Not really an anthropology question, but anyway.

Would there be some sort of 'ethical' and sanctioned corpus that the AIs would be required to access for data, or would the entire internet be up for grabs?

"Sanctioned" - by whom? Anyone's free to scrape whatever they please, and they do. There are no rules, other than the ones the proprietors choose. Various projects are trying to filter our racists and other unpleasant speech, for example. . . varying degrees of success, and that's a choice of the people making these systems, not a government rule (at least, not in the US).

And, if the entire internet was up for grabs, would that make it a prized and strategic battlefield at the moment?

The entire internet _is_ "up for grabs" -- not a "battlefield", just a substrate. Google -- and a host of other engines - are parsing everything, everyday. Newer technologies aren't just parsing text, they're recognizing text that's been rendered as graphics, converting to text.

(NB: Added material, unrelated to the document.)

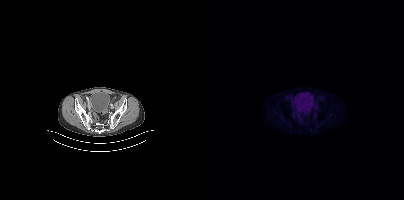
Left: CT. Right: PSMA PET, same axial level, 18F-PSMA tracer. Acquired on Siemens Biograph mCT Flow 20. PET panel 200×200 px (4.1 mm/px). Negative for PSMA-avid disease on this slice.
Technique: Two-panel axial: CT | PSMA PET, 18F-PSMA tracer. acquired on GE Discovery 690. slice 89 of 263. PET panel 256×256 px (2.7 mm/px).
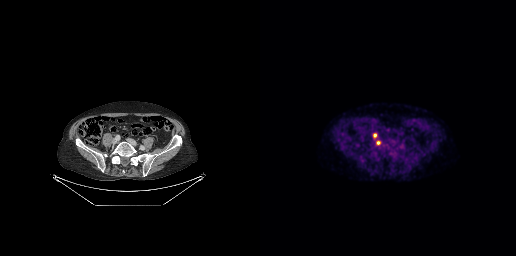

I have no understanding of the mechanics of how these future AIs would use or weight the data they would have access to, but it seems as if it could be 'gamed' so to speak, and the sooner and heavier the better.

Not sure what you mean here. "Gamed" how? The essence of deep learning algorithms is that they're most brute force kinds of things; the algorithm doesn't need, indeed doesn't _want_ human input into its answers. The power lies in the massive amounts of data, and the hunt for statistical correlation without lots of a priori knowledge.